Ever since the Soviet era, Russians have been fond of this animated series about the mischievous Wolf chasing the Hare. The latter can actually be considered the epitome of an ideal Soviet person… as an athlete with advanced engineering skills, he takes part in amateur performances, lives a healthy lifestyle, and abides by the rules. The author and scriptwriter of the series, Aleksandr Kurlyandsky, said about how the series was created, “We decided the film should be a pursuit. We were young and humorous, and we wanted a film packed with as many gags as possible, which a pursuit easily lends itself to. There were no tiring discussions about who should be the chaser and the one being chased… we settled on traditional Russian folklore characters”.

The cartoon series scored 8.9 points out of 10 on the Internet Movie Database website (IMDb.com), with users, in their reviews, lauding the humorous sketches, the appropriate background music, and the charm of its main characters, as well as the accurate reflection of Soviet reality. For instance, mail-3839 (USA) wrote,Besides the adventures in the chase for the rabbit, you see nostalgic elements of Russian urban and suburban life. Where else can you find a children’s cartoon where the bad wolf smokes cigarettes, drinks beer while eating dried salted fish, steals, and vandalises property? One can’t help but fall in love with both the hero and villain”.

Tony Straka (USA) said, “Another factor which differentiates Nu, Pogodi! from other cartoons, is that the background music isn’t orchestrated for the cartoon series, but rather popular Russian/contemporary songs are incorporated. You’ll hear popular music from the time that particular cartoon was made. Wolf will be chasing Hare in an episode from the late 1970s, whilst a disco tune is playing; another episode from 1984 contains techno/pop music from that particular time period. The visual effects are set to the music, which allows for some comical moments!”

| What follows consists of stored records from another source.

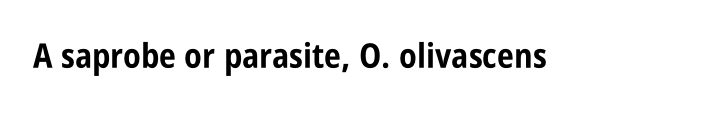
{"serif": "no", "italic": "no", "bold": "yes", "weight": "bold", "width": "condensed", "stroke_contrast": "low", "x_height": "large", "monospaced": "no", "underline": "no", "letter_spacing": "normal", "letter_spacing_em": 0.0, "glyph_px": 34}
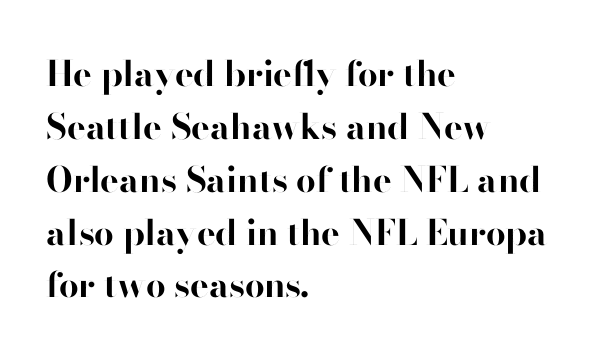
Q: Is the text bold? A: Yes.
Q: Is the text italic (slanted)? A: No, it is upright.
Q: Is the typeface a serif or a sans-serif typeface? A: Sans-serif.
Q: Is the text underlined? A: No.
Q: How is the paragraph aligned? A: Left-aligned.
Q: Is the spacing between letters normal or unusually wide? A: Normal.
Q: Is the spacing between lines tight, normal or loose? A: Normal.
Q: Width (condensed, normal, or wide)? A: Normal.
Q: Stroke contrast? A: High.
Q: x-height? A: Small.
Q: Monospaced? A: No.
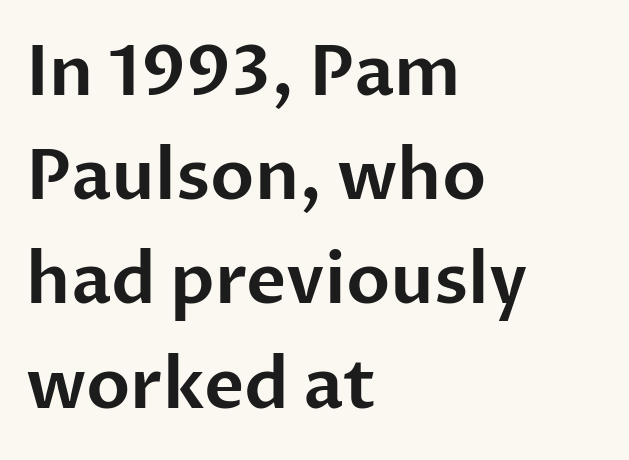
{"serif": "no", "italic": "no", "width": "normal", "stroke_contrast": "low", "x_height": "medium", "monospaced": "no", "underline": "no", "align": "left", "line_spacing": "normal", "line_spacing_ratio": 1.51, "letter_spacing": "normal", "letter_spacing_em": 0.0, "glyph_px": 69}
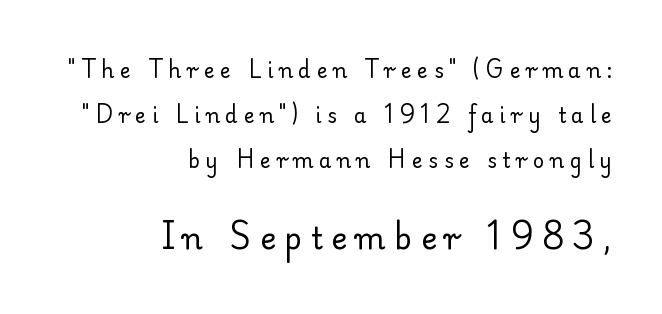
Q: Is the text bold? A: No.
Q: Is the text italic (slanted)? A: No, it is upright.
Q: Is the typeface a serif or a sans-serif typeface? A: Serif.
Q: Is the text underlined? A: No.
Q: How is the paragraph aligned? A: Right-aligned.
Q: Is the spacing between letters normal or unusually wide? A: Unusually wide.
Q: Is the spacing between lines tight, normal or loose? A: Loose.
Q: Which block of text is set in a larger size, the first (top) or the second (bottom)? A: The second (bottom) one.
Q: Width (condensed, normal, or wide)? A: Normal.
Q: Stroke contrast? A: Low.
Q: x-height? A: Small.
Q: Monospaced? A: No.
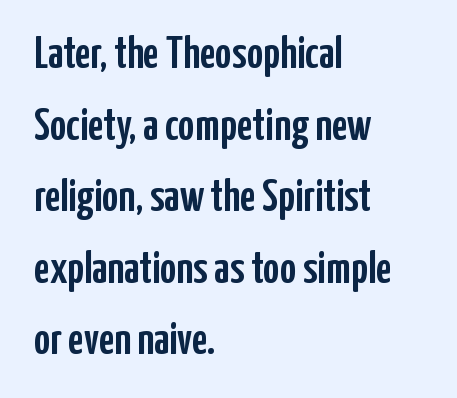
Q: Is the text italic (slanted)? A: No, it is upright.
Q: Is the typeface a serif or a sans-serif typeface? A: Sans-serif.
Q: Is the text underlined? A: No.
Q: How is the paragraph aligned? A: Left-aligned.
Q: Is the spacing between letters normal or unusually wide? A: Normal.
Q: Is the spacing between lines tight, normal or loose? A: Normal.
Q: Width (condensed, normal, or wide)? A: Condensed.
Q: Stroke contrast? A: Low.
Q: x-height? A: Medium.
Q: Monospaced? A: No.
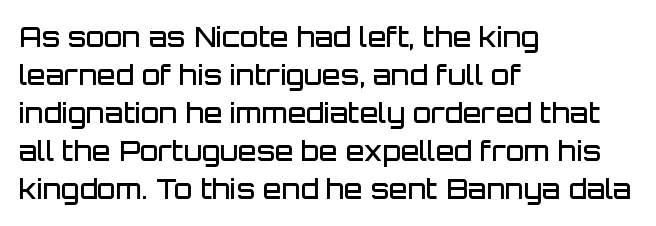
Q: Is the text bold? A: Semi-bold.
Q: Is the text italic (slanted)? A: No, it is upright.
Q: Is the text underlined? A: No.
Q: How is the paragraph aligned? A: Left-aligned.
Q: Is the spacing between letters normal or unusually wide? A: Normal.
Q: Is the spacing between lines tight, normal or loose? A: Normal.
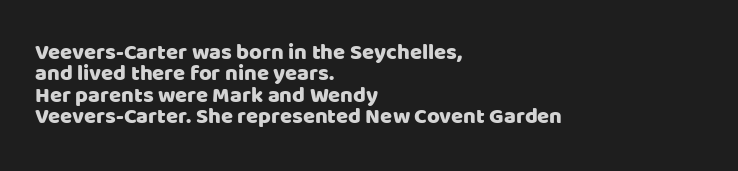
The image shows 22 px text type, upright; set left-aligned, tight line spacing (0.97x), normal letter spacing, not underlined.
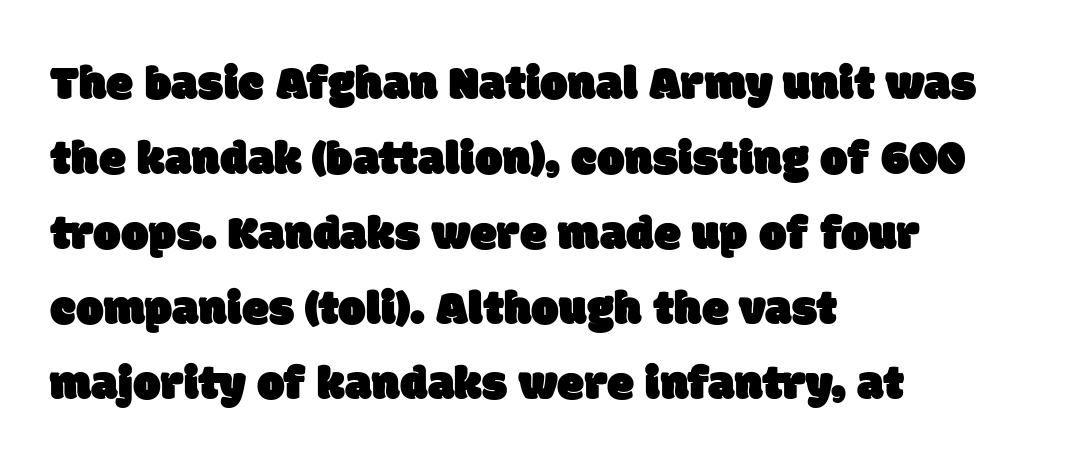
The image shows 49 px sans-serif type; set left-aligned, normal line spacing (1.53x), normal letter spacing, not underlined; low stroke contrast and a large x-height.
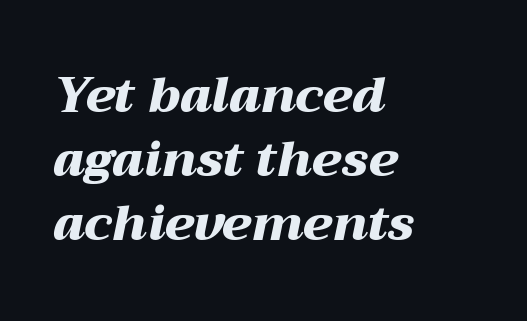
{"italic": "yes", "lean": "right", "slant_degrees": 12, "bold": "yes", "weight": "heavy", "width": "wide", "stroke_contrast": "medium", "x_height": "medium", "monospaced": "no", "underline": "no", "align": "left", "line_spacing": "normal", "line_spacing_ratio": 1.31, "letter_spacing": "normal", "letter_spacing_em": 0.0, "glyph_px": 49}
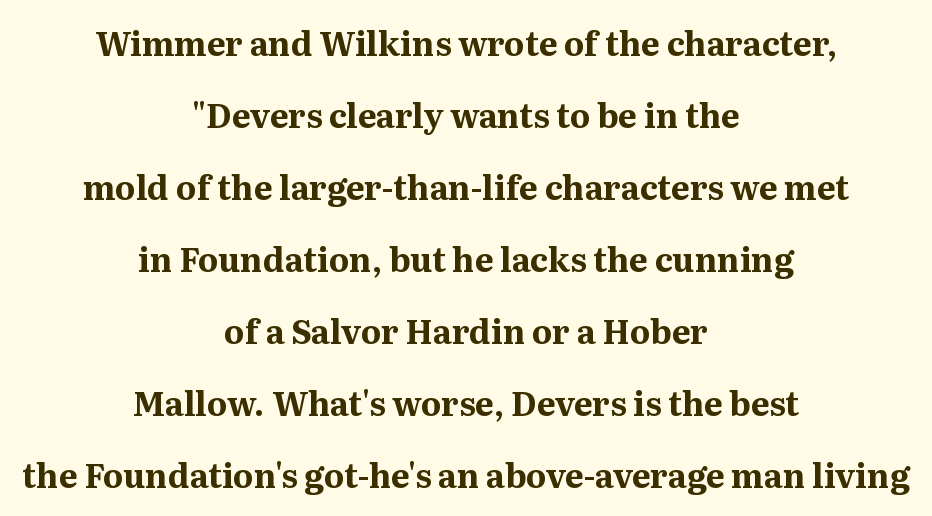
Q: Is the text bold? A: Yes.
Q: Is the text italic (slanted)? A: No, it is upright.
Q: Is the typeface a serif or a sans-serif typeface? A: Serif.
Q: Is the text underlined? A: No.
Q: How is the paragraph aligned? A: Centered.
Q: Is the spacing between letters normal or unusually wide? A: Normal.
Q: Is the spacing between lines tight, normal or loose? A: Loose.
Q: Width (condensed, normal, or wide)? A: Normal.
Q: Stroke contrast? A: Medium.
Q: x-height? A: Medium.
Q: Monospaced? A: No.
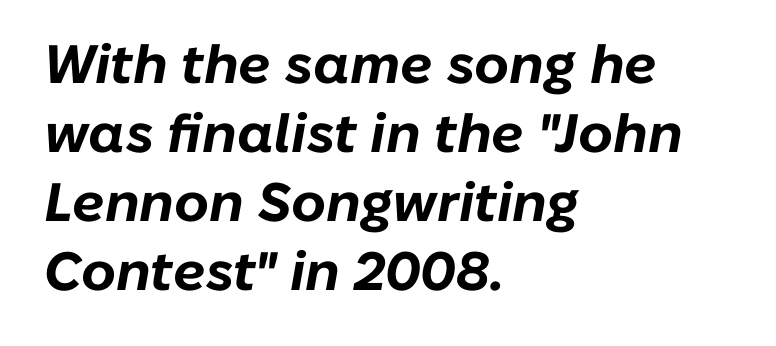
{"italic": "yes", "lean": "right", "slant_degrees": 10, "bold": "yes", "weight": "bold", "width": "normal", "stroke_contrast": "low", "x_height": "medium", "monospaced": "no", "underline": "no", "align": "left", "line_spacing": "normal", "line_spacing_ratio": 1.28, "letter_spacing": "normal", "letter_spacing_em": 0.0, "glyph_px": 54}
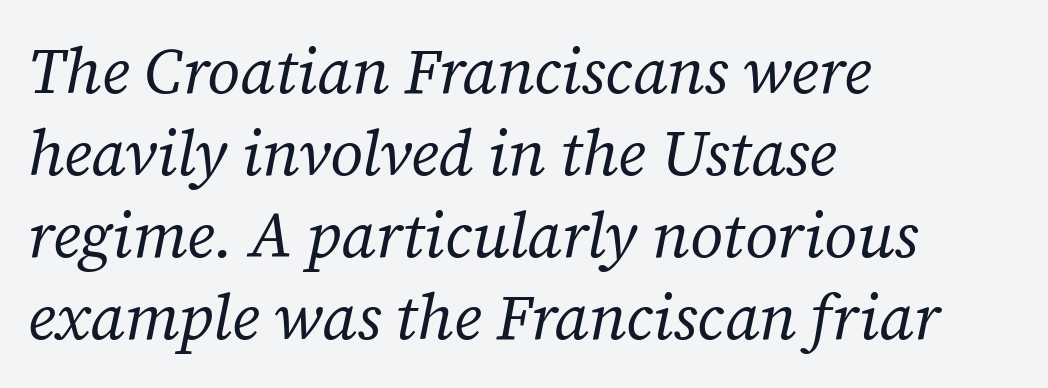
Q: Is the text bold? A: No.
Q: Is the text italic (slanted)? A: Yes, it leans right by about 12 degrees.
Q: Is the typeface a serif or a sans-serif typeface? A: Serif.
Q: Is the text underlined? A: No.
Q: How is the paragraph aligned? A: Left-aligned.
Q: Is the spacing between letters normal or unusually wide? A: Normal.
Q: Is the spacing between lines tight, normal or loose? A: Normal.
Q: Width (condensed, normal, or wide)? A: Normal.
Q: Stroke contrast? A: Low.
Q: x-height? A: Medium.
Q: Monospaced? A: No.
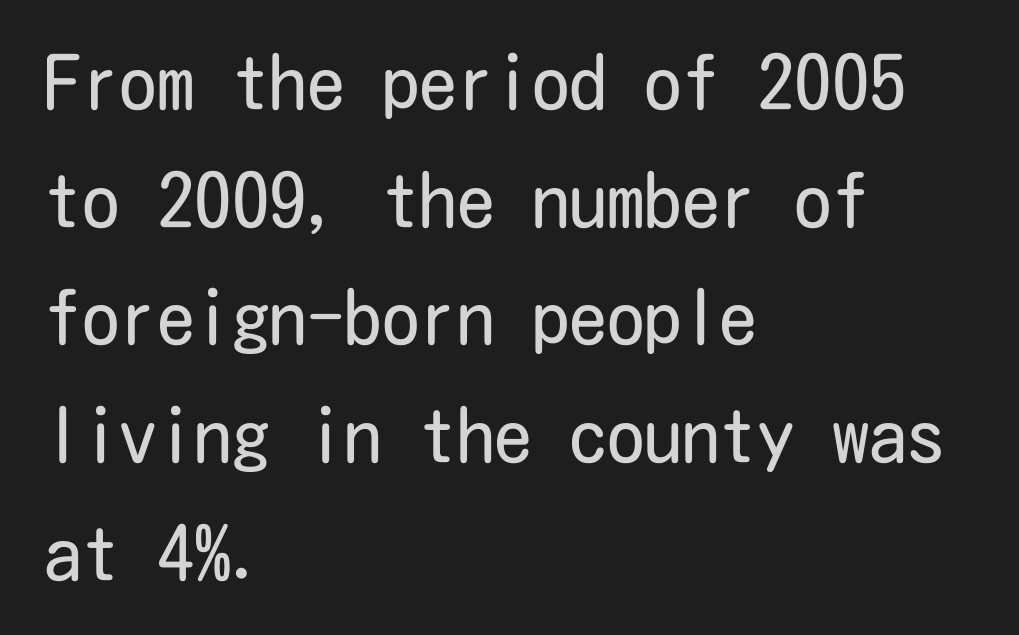
Q: Is the text bold? A: No.
Q: Is the text italic (slanted)? A: No, it is upright.
Q: Is the typeface a serif or a sans-serif typeface? A: Sans-serif.
Q: Is the text underlined? A: No.
Q: How is the paragraph aligned? A: Left-aligned.
Q: Is the spacing between letters normal or unusually wide? A: Normal.
Q: Is the spacing between lines tight, normal or loose? A: Normal.
Q: Width (condensed, normal, or wide)? A: Condensed.
Q: Stroke contrast? A: Low.
Q: x-height? A: Medium.
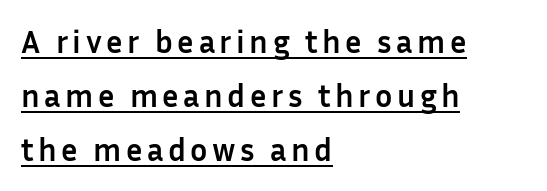
Q: Is the text bold? A: Yes.
Q: Is the text italic (slanted)? A: No, it is upright.
Q: Is the typeface a serif or a sans-serif typeface? A: Sans-serif.
Q: Is the text underlined? A: Yes.
Q: How is the paragraph aligned? A: Left-aligned.
Q: Is the spacing between lines tight, normal or loose? A: Normal.
Q: Width (condensed, normal, or wide)? A: Normal.
Q: Stroke contrast? A: Low.
Q: x-height? A: Medium.
Q: Monospaced? A: No.
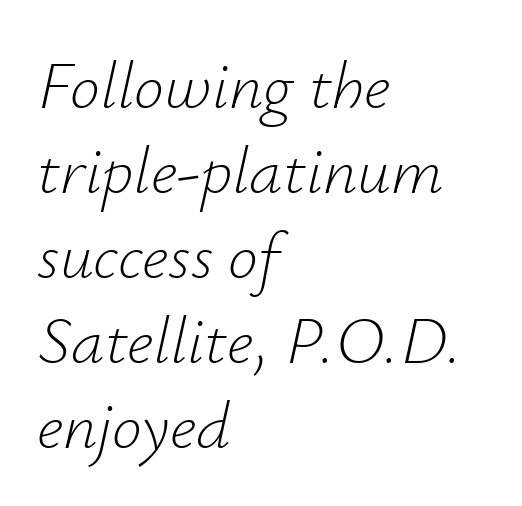
{"italic": "yes", "lean": "right", "slant_degrees": 12, "bold": "no", "weight": "light", "width": "normal", "stroke_contrast": "low", "x_height": "small", "monospaced": "no", "underline": "no", "align": "left", "line_spacing": "normal", "line_spacing_ratio": 1.27, "letter_spacing": "normal", "letter_spacing_em": 0.0, "glyph_px": 67}
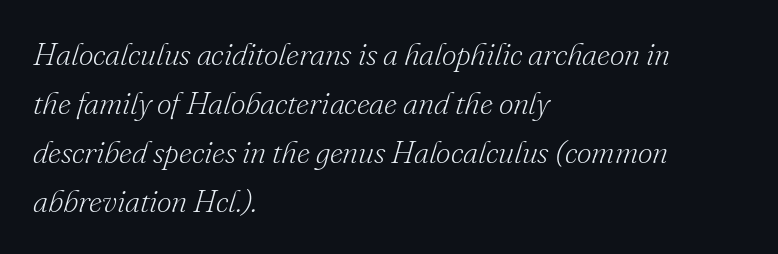
Looks like regular typesetting: each glyph gets only the width it needs. Rendered with sloped, italic letterforms. Little horizontal feet cap the strokes, marking this as serif type. Compared with a typical body face, this is equally light or lighter still.
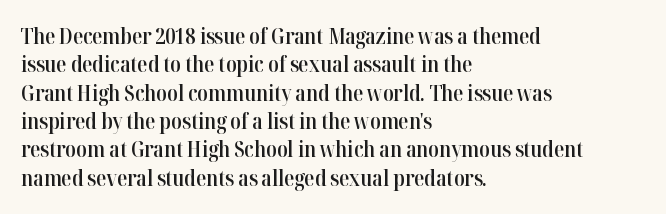
The lines are quadded left. Quick note: not italic, upright. Heft: intermediate — a semibold. Letter spacing: default. Each row of text sits above clean, open space.
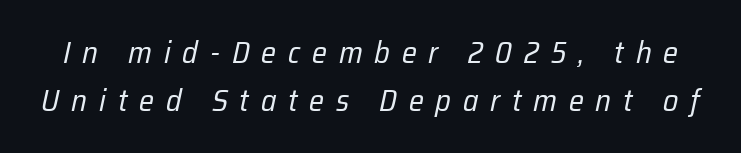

The pilot episode of the series… a sketch about the Wolf and the Hare directed by Gennady Sokolsky and later used as a prototype for the series… was featured in the first number of the first cartoon journal, Vesyolaya Karusel (Happy Merry-Go-Round). In the sketch, as the Wolf fails to hit the mark shaped as the Hare at a shooting range, the slogan (the famous “Nu, pogodi!”) that later became the name of the series appears for the first time. The series was produced by the Soyuzmultfilm studio from 1969 to 1993, with 18 main episodes created, followed by a sequel in the early 2000s. The main episodes were directed by Vyacheslav Kotyonochkin, and his son Aleksei taking over the reins for the sequel.

Nu, Pogodi! very truly captures the reality and artefacts of its time. The entire environment that is now perceived as the retro charm of the cartoon was actually true for the Soviet people of the 1970s and 1980s… commodity shortages, cars, telephone booths, soda vending machines, and holiday destinations. Even the soundtrack for some of the episodes featured certain popular hits of the time… for instance, Song About a Friend by Vladimir Vysotsky, or songs by pop icon Alla Pugachyova. Likewise, the songs written for the Hare and the Wolf are still popular and often quoted. Even some of the events in the storyline are true… for instance, the scene of one of the episodes is set in Moscow during the 1980 Summer Olympics.

The production of the series sparked numerous stories and anecdotes. It’s believed that the government didn’t like the image of one of the main characters, the Wolf; and the government didn’t approve of singer, songwriter, actor, and poet Vladimir Vysotsky, who was cast as the voice for the Wolf, either. It’s also known that the project was nearly shut down after the first few episodes, after Feliks Kamov (one of the scriptwriters) decided to emigrate to Israel. Actor Anatoly Papanov rescued it, he was eventually cast as the voice for the Wolf, he had immense popularity at the time… he complained to a Communist Party chief that his family would miss the cartoon heroes, and production was resumed without too many changes.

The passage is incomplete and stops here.